Differentiate the following functions with respect to $x$ :
$\tan \left(e^{\sin x}\right)$
Let $y=\tan \left(e^{\sin x}\right)$
On differentiating $y$ with respect to $x$, we get
$\frac{\mathrm{dy}}{\mathrm{dx}}=\frac{\mathrm{d}}{\mathrm{dx}}\left[\tan \left(\mathrm{e}^{\sin \mathrm{x}}\right)\right]$
We know $\frac{d}{d x}(\tan x)=\sec ^{2} x$
$\Rightarrow \frac{d y}{d x}=\sec ^{2}\left(e^{\sin x}\right) \frac{d}{d x}\left(e^{\sin x}\right)$ [using chain rule]

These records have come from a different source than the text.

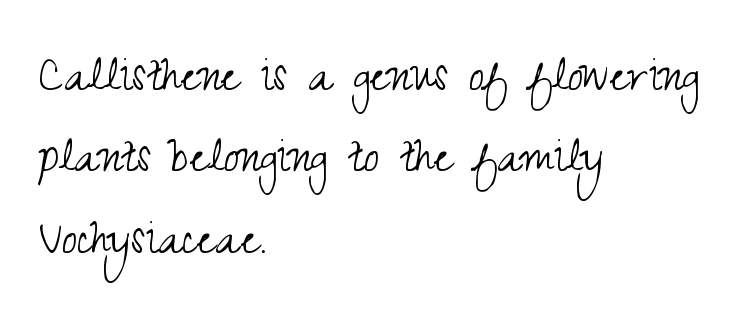
The image shows 55 px light, condensed sans-serif type, upright; set left-aligned, normal line spacing (1.48x), normal letter spacing, not underlined; medium stroke contrast and a small x-height.
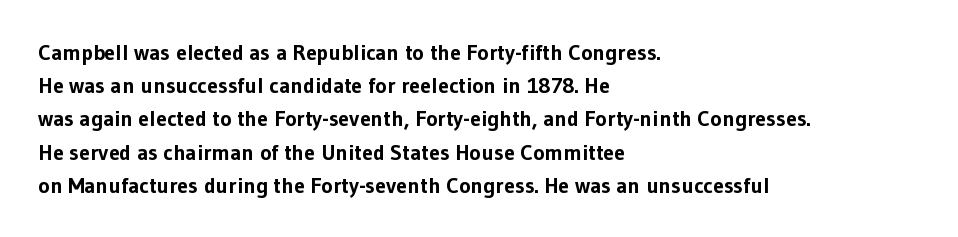
The image shows 22 px bold type, upright; set left-aligned, normal line spacing (1.51x), normal letter spacing, not underlined.
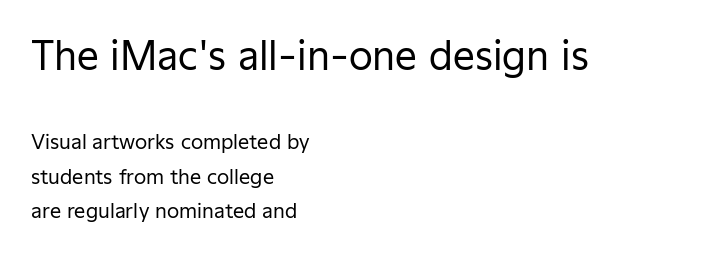
The image shows 39 px regular-weight sans-serif type, upright; set left-aligned, line spacing 1.72x, normal letter spacing, not underlined; the first (top) block is 1.95x larger; low stroke contrast and a medium x-height.
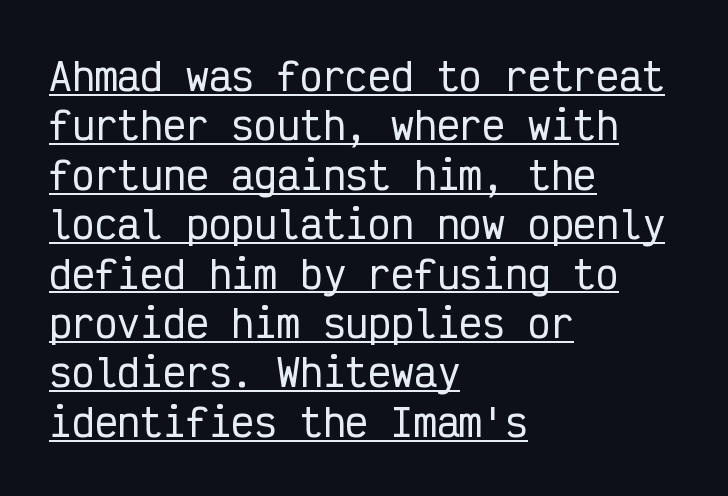
{"serif": "no", "italic": "no", "width": "condensed", "stroke_contrast": "low", "x_height": "medium", "monospaced": "yes", "underline": "yes", "align": "left", "line_spacing": "normal", "line_spacing_ratio": 1.3, "letter_spacing": "normal", "letter_spacing_em": 0.0, "glyph_px": 38}
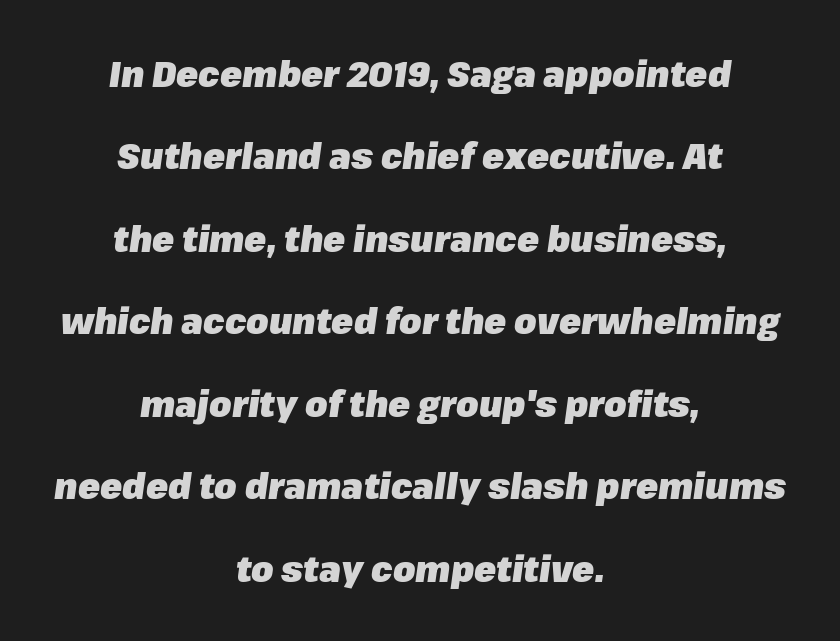
{"italic": "yes", "lean": "right", "slant_degrees": 8, "bold": "yes", "weight": "heavy", "width": "normal", "stroke_contrast": "low", "x_height": "medium", "monospaced": "no", "underline": "no", "align": "center", "line_spacing": "loose", "line_spacing_ratio": 2.29, "letter_spacing": "normal", "letter_spacing_em": 0.0, "glyph_px": 36}
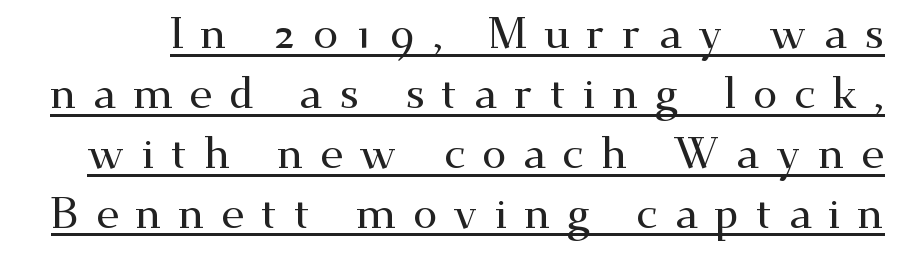
Is this a fixed-width face? No — the glyphs have proportional, varying widths. The letters stand upright; this is a roman face. Students, note that the glyphs here are deliberately spaced far apart. Students, observe the line beneath the letters — that is underlining. How would I describe the line gaps? Plain and ordinary. Check where the strokes stop: tiny serifs finish them off.
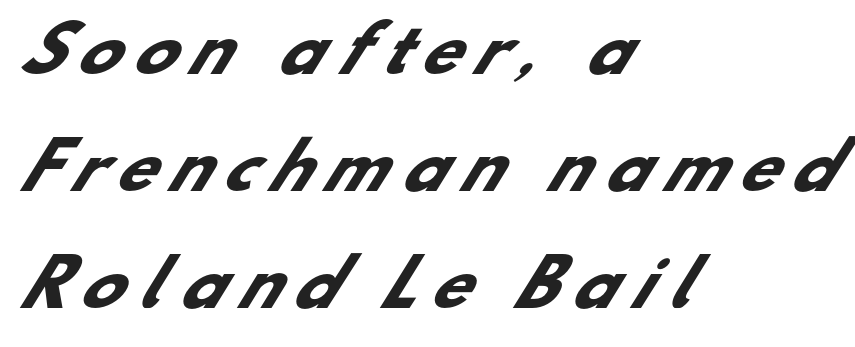
Q: Is the text bold? A: Yes.
Q: Is the typeface a serif or a sans-serif typeface? A: Sans-serif.
Q: Is the text underlined? A: No.
Q: How is the paragraph aligned? A: Left-aligned.
Q: Is the spacing between letters normal or unusually wide? A: Unusually wide.
Q: Width (condensed, normal, or wide)? A: Normal.
Q: Stroke contrast? A: Low.
Q: x-height? A: Small.
Q: Monospaced? A: No.
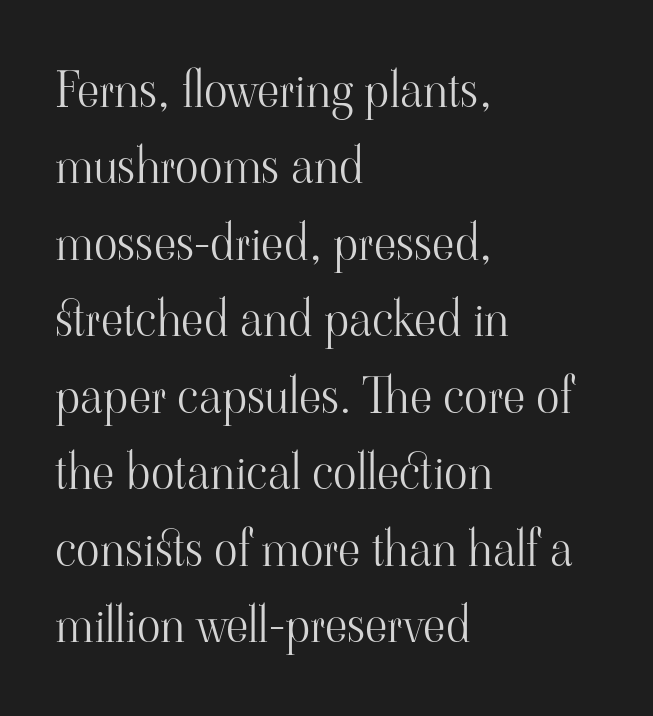
{"serif": "yes", "italic": "no", "bold": "no", "weight": "light", "width": "normal", "stroke_contrast": "high", "x_height": "small", "monospaced": "no", "underline": "no", "align": "left", "line_spacing": "normal", "line_spacing_ratio": 1.56, "letter_spacing": "normal", "letter_spacing_em": 0.0, "glyph_px": 49}

We have $\frac{d}{d x}\left(e^{x}\right)=e^{x}$
$\Rightarrow \frac{d y}{d x}=\sec ^{2}\left(e^{\sin x}\right) e^{\sin x} \frac{d}{d x}(\sin x)$ [using chain rule]
However, $\frac{\mathrm{d}}{\mathrm{dx}}(\sin \mathrm{x})=\cos \mathrm{x}$
$\Rightarrow \frac{d y}{d x}=\sec ^{2}\left(e^{\sin x}\right) e^{\sin x} \cos x$
$\therefore \frac{d y}{d x}=e^{\sin x} \cos x \sec ^{2}\left(e^{\sin x}\right)$
Thus, $\frac{d}{d x}\left[\tan \left(e^{\sin x}\right)\right]=e^{\sin x} \cos x \sec ^{2}\left(e^{\sin x}\right)$